### [Task goal]
Leave every image behind and restate the data word for word.

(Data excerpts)
▼
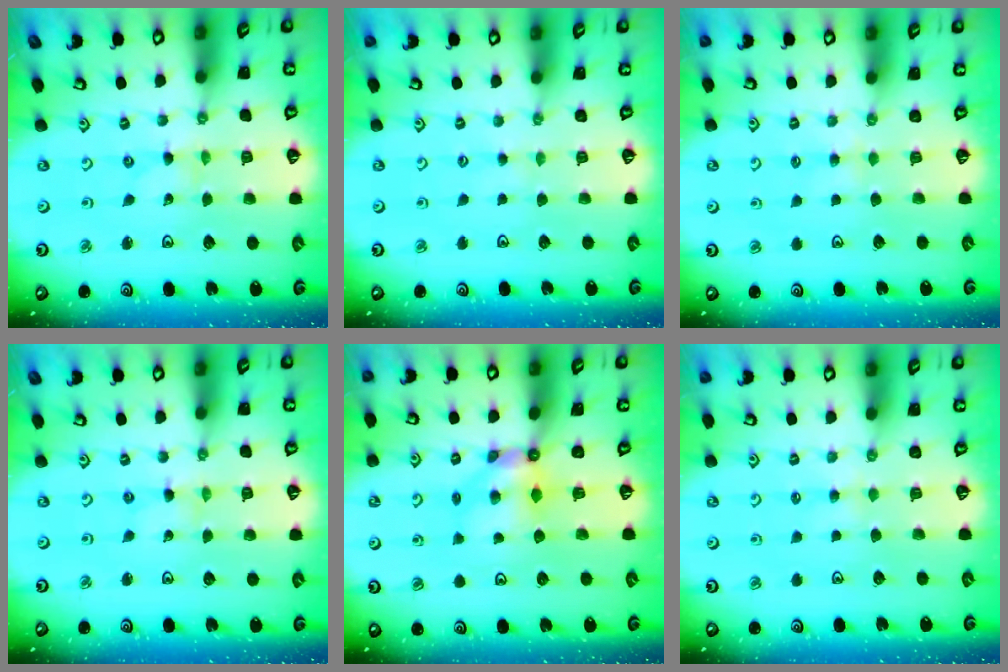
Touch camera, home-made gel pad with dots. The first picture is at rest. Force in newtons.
{"total": 1.4, "press": 1.4, "slide": 0.2}
{"total": 2.8, "press": 2.7, "slide": 0.5}
{"total": 0.9, "press": 0.8, "slide": 0.1}
{"total": 5.0, "press": 5.0, "slide": 0.3}
{"total": 2.3, "press": 2.2, "slide": 0.5}
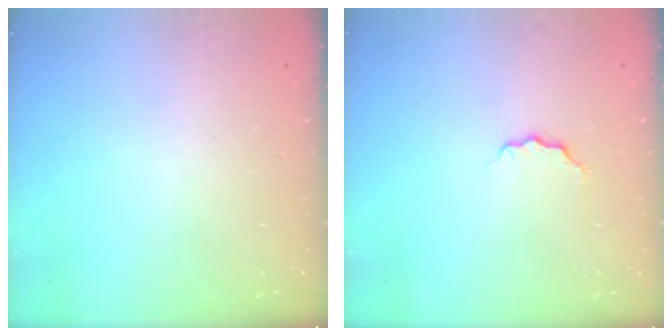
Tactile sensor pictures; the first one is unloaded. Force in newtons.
{"total": 3.5, "press": 3.5, "slide": 0.5}
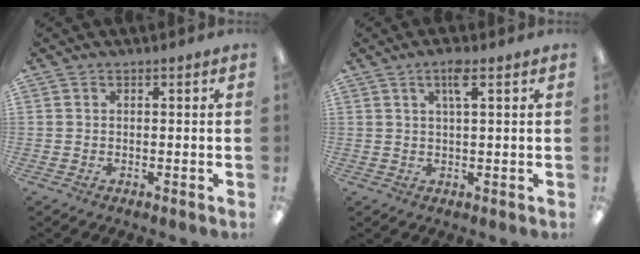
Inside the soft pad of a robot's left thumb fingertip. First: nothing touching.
{"total": 4.0, "force": [2.3, 0.8, 3.2], "torque": [-0.063, 0.004, 0.035]}
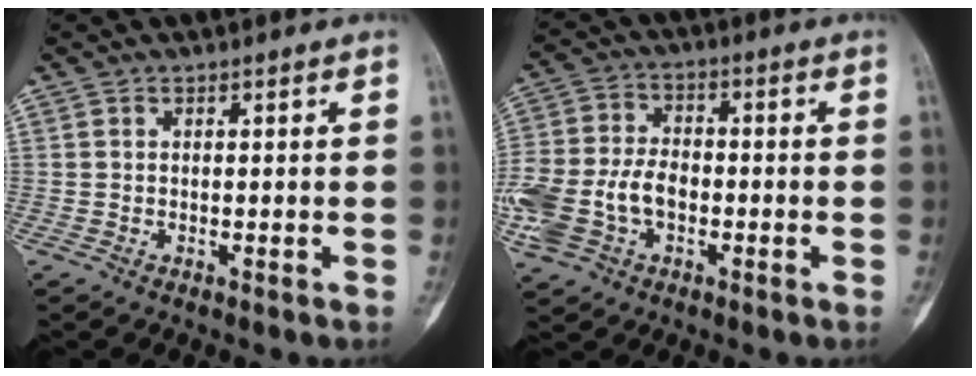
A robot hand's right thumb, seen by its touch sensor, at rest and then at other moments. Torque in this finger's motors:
{"motor_torque": [1.70, 1.46, 1.17, -0.87, 0.18]}
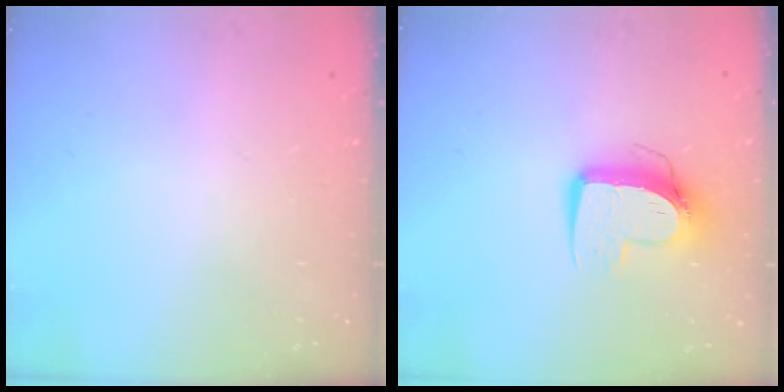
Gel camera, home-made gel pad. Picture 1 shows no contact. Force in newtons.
{"total": 10.2, "press": 10.1, "slide": 1.1}
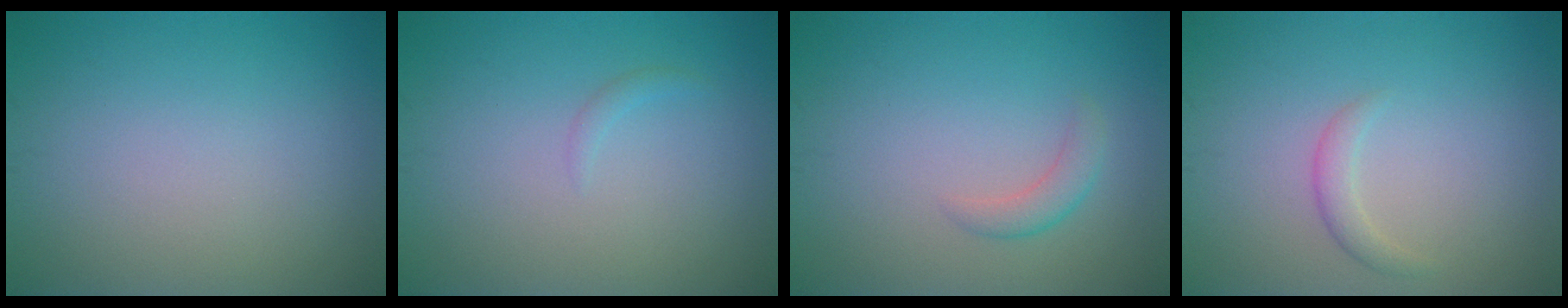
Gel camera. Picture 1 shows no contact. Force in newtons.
{"total": 0.6, "press": 0.6, "slide": 0.1}
{"total": 1.5, "press": 1.5, "slide": 0.1}
{"total": 1.3, "press": 1.3, "slide": 0.1}
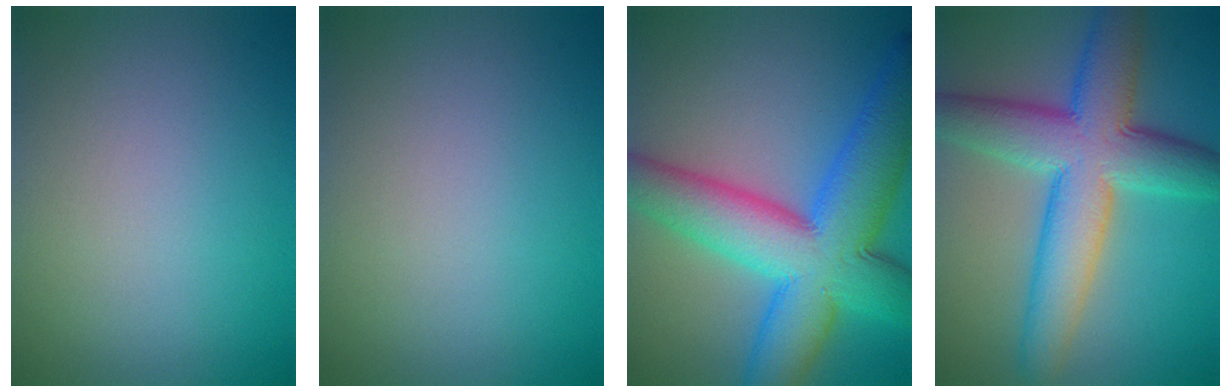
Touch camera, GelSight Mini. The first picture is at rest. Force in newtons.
{"total": 0.0}
{"total": 12.4, "press": 12.4, "slide": 0.2}
{"total": 9.6, "press": 9.6, "slide": 0.1}
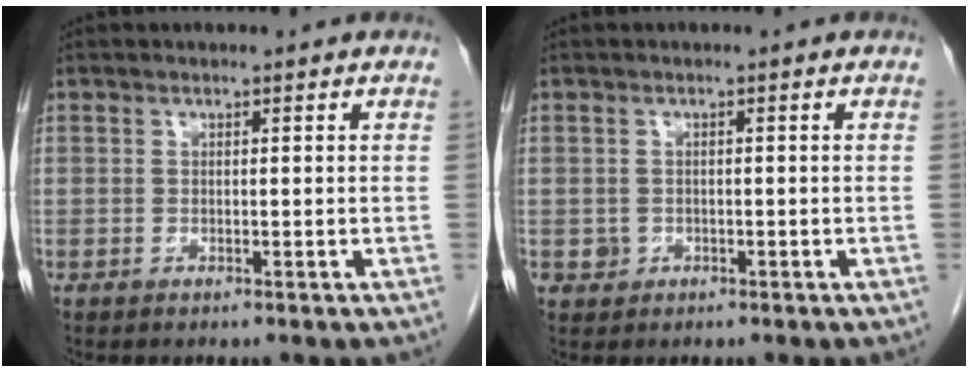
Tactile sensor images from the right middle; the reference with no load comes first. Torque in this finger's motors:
{"motor_torque": [0.28, -0.10, 0.00, 0.00]}
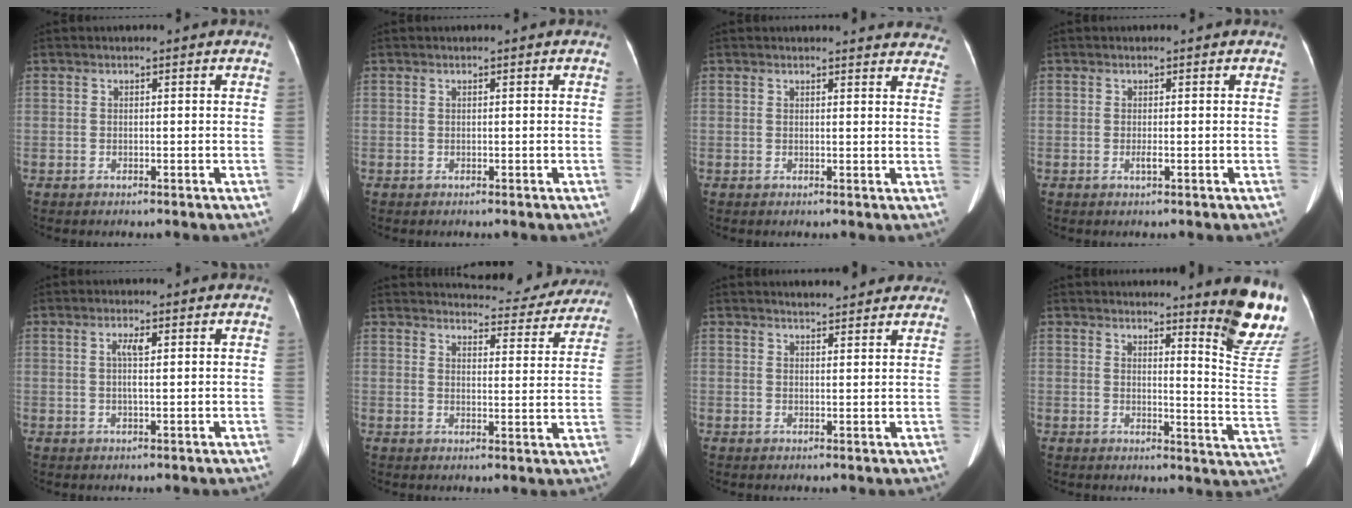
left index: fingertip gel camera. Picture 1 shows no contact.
{"total": 0.0}
{"total": 13.7, "force": [13.2, 3.1, 2.2], "torque": [0.011, -0.043, 0.115]}
{"total": 0.8, "force": [-0.4, 0.0, 0.7], "torque": [-0.015, -0.006, -0.004]}
{"total": 2.3, "force": [0.6, 0.3, 2.2], "torque": [-0.043, 0.006, 0.009]}
{"total": 13.9, "force": [13.3, 3.2, 2.3], "torque": [-0.002, -0.026, 0.140]}
{"total": 6.0, "force": [5.5, 1.6, 1.7], "torque": [-0.016, 0.013, 0.062]}
{"total": 11.2, "force": [9.6, -0.3, 5.7], "torque": [-0.054, -0.086, 0.098]}
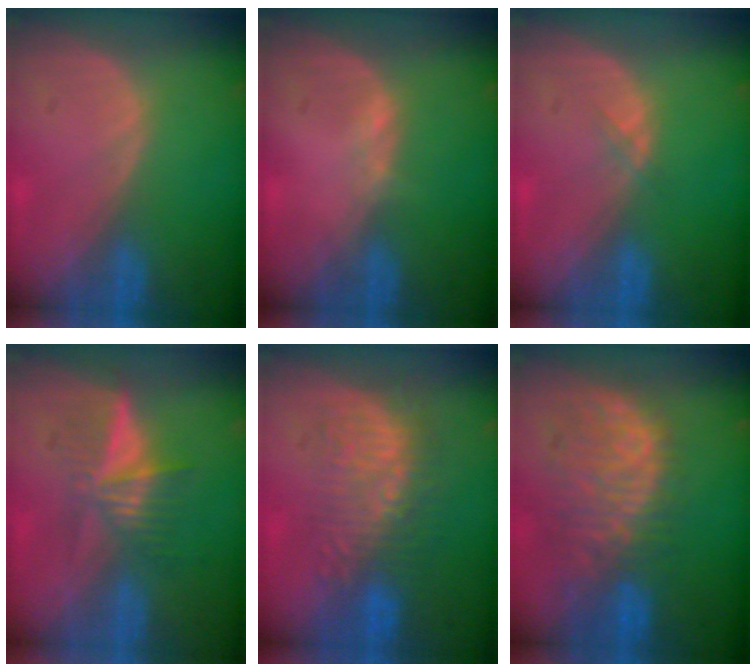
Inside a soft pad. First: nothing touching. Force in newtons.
{"total": 0.6, "press": 0.5, "slide": 0.4}
{"total": 0.6, "press": 0.6, "slide": 0.1}
{"total": 6.5, "press": 5.5, "slide": 3.4}
{"total": 8.8, "press": 8.5, "slide": 2.3}
{"total": 10.7, "press": 9.4, "slide": 5.2}
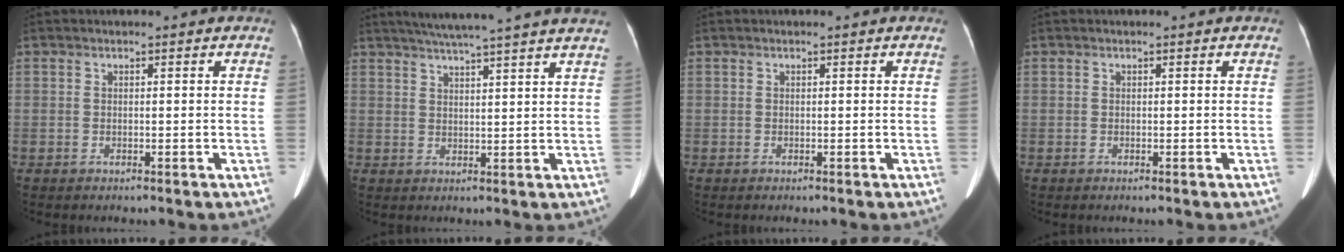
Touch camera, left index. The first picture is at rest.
{"total": 15.3, "force": [13.2, -0.8, 7.7], "torque": [-0.128, 0.013, 0.167]}
{"total": 0.0}
{"total": 0.0}
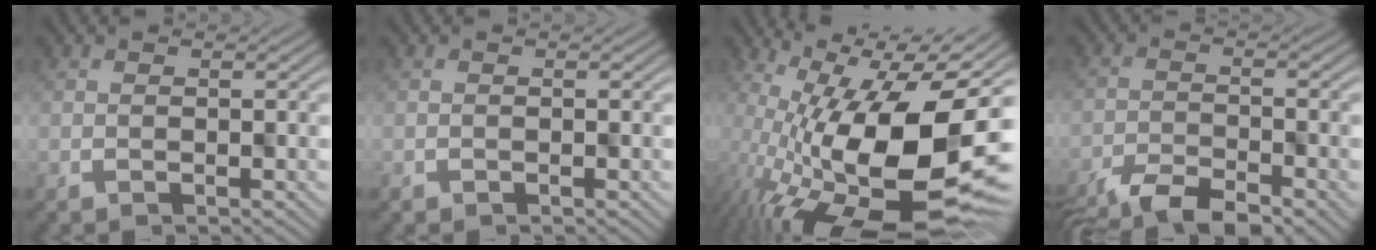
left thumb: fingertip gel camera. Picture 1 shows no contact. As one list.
[{"total": 0.0}, {"total": 17.7, "force": [-1.1, 6.3, 16.5], "torque": [-0.251, -0.027, -0.011]}, {"total": 7.1, "force": [-5.3, 2.4, 4.1], "torque": [-0.068, -0.006, -0.101]}]
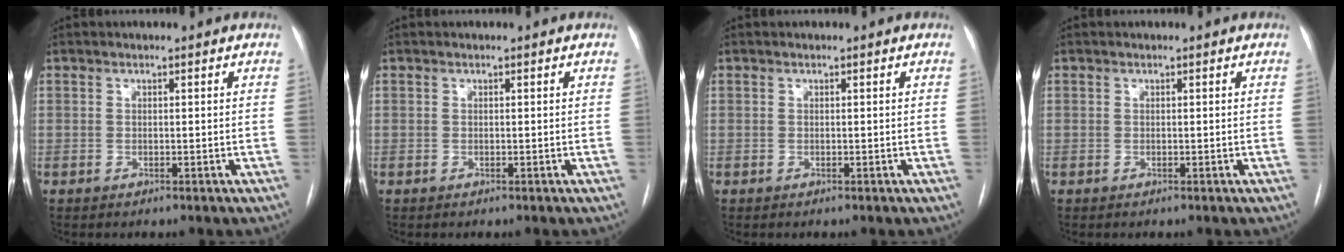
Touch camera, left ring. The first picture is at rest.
{"total": 0.0}
{"total": 0.0}
{"total": 0.0}
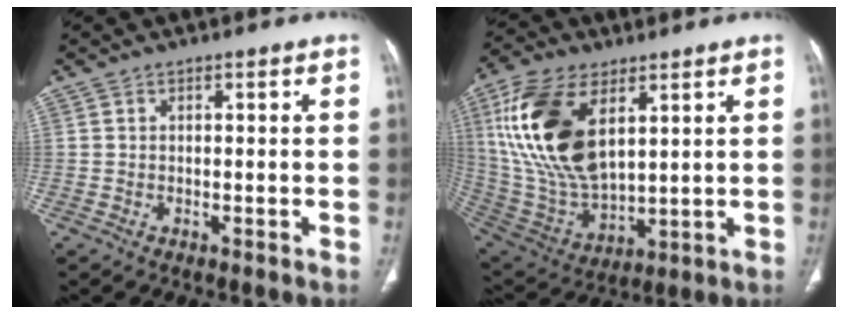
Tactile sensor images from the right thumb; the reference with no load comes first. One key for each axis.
{"total": 21.3, "fx": 7.2, "fy": 11.1, "fz": 16.7, "tx": -0.332, "ty": -0.026, "tz": 0.146}
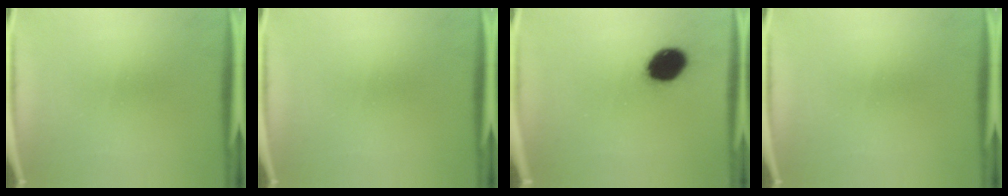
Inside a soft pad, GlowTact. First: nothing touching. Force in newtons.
{"total": 0.0}
{"total": 11.9}
{"total": 0.0}
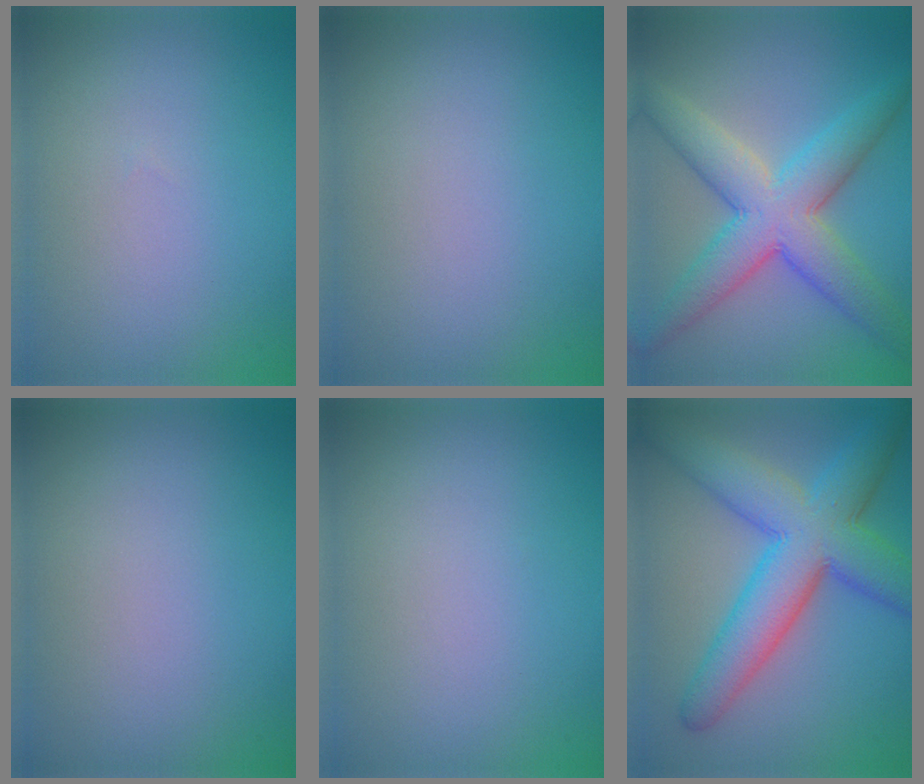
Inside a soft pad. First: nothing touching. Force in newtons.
▲
### [Result of this task]
Touch camera, home-made gel pad with dots. The first picture is at rest. Force in newtons.
{"total": 1.4, "press": 1.4, "slide": 0.2}
{"total": 2.8, "press": 2.7, "slide": 0.5}
{"total": 0.9, "press": 0.8, "slide": 0.1}
{"total": 5.0, "press": 5.0, "slide": 0.3}
{"total": 2.3, "press": 2.2, "slide": 0.5}
Tactile sensor pictures; the first one is unloaded. Force in newtons.
{"total": 3.5, "press": 3.5, "slide": 0.5}
Inside the soft pad of a robot's left thumb fingertip. First: nothing touching.
{"total": 4.0, "force": [2.3, 0.8, 3.2], "torque": [-0.063, 0.004, 0.035]}
A robot hand's right thumb, seen by its touch sensor, at rest and then at other moments. Torque in this finger's motors:
{"motor_torque": [1.70, 1.46, 1.17, -0.87, 0.18]}
Gel camera, home-made gel pad. Picture 1 shows no contact. Force in newtons.
{"total": 10.2, "press": 10.1, "slide": 1.1}
Gel camera. Picture 1 shows no contact. Force in newtons.
{"total": 0.6, "press": 0.6, "slide": 0.1}
{"total": 1.5, "press": 1.5, "slide": 0.1}
{"total": 1.3, "press": 1.3, "slide": 0.1}
Touch camera, GelSight Mini. The first picture is at rest. Force in newtons.
{"total": 0.0}
{"total": 12.4, "press": 12.4, "slide": 0.2}
{"total": 9.6, "press": 9.6, "slide": 0.1}
Tactile sensor images from the right middle; the reference with no load comes first. Torque in this finger's motors:
{"motor_torque": [0.28, -0.10, 0.00, 0.00]}
left index: fingertip gel camera. Picture 1 shows no contact.
{"total": 0.0}
{"total": 13.7, "force": [13.2, 3.1, 2.2], "torque": [0.011, -0.043, 0.115]}
{"total": 0.8, "force": [-0.4, 0.0, 0.7], "torque": [-0.015, -0.006, -0.004]}
{"total": 2.3, "force": [0.6, 0.3, 2.2], "torque": [-0.043, 0.006, 0.009]}
{"total": 13.9, "force": [13.3, 3.2, 2.3], "torque": [-0.002, -0.026, 0.140]}
{"total": 6.0, "force": [5.5, 1.6, 1.7], "torque": [-0.016, 0.013, 0.062]}
{"total": 11.2, "force": [9.6, -0.3, 5.7], "torque": [-0.054, -0.086, 0.098]}
Inside a soft pad. First: nothing touching. Force in newtons.
{"total": 0.6, "press": 0.5, "slide": 0.4}
{"total": 0.6, "press": 0.6, "slide": 0.1}
{"total": 6.5, "press": 5.5, "slide": 3.4}
{"total": 8.8, "press": 8.5, "slide": 2.3}
{"total": 10.7, "press": 9.4, "slide": 5.2}
Touch camera, left index. The first picture is at rest.
{"total": 15.3, "force": [13.2, -0.8, 7.7], "torque": [-0.128, 0.013, 0.167]}
{"total": 0.0}
{"total": 0.0}
left thumb: fingertip gel camera. Picture 1 shows no contact. As one list.
[{"total": 0.0}, {"total": 17.7, "force": [-1.1, 6.3, 16.5], "torque": [-0.251, -0.027, -0.011]}, {"total": 7.1, "force": [-5.3, 2.4, 4.1], "torque": [-0.068, -0.006, -0.101]}]
Touch camera, left ring. The first picture is at rest.
{"total": 0.0}
{"total": 0.0}
{"total": 0.0}
Tactile sensor images from the right thumb; the reference with no load comes first. One key for each axis.
{"total": 21.3, "fx": 7.2, "fy": 11.1, "fz": 16.7, "tx": -0.332, "ty": -0.026, "tz": 0.146}
Inside a soft pad, GlowTact. First: nothing touching. Force in newtons.
{"total": 0.0}
{"total": 11.9}
{"total": 0.0}
Inside a soft pad. First: nothing touching. Force in newtons.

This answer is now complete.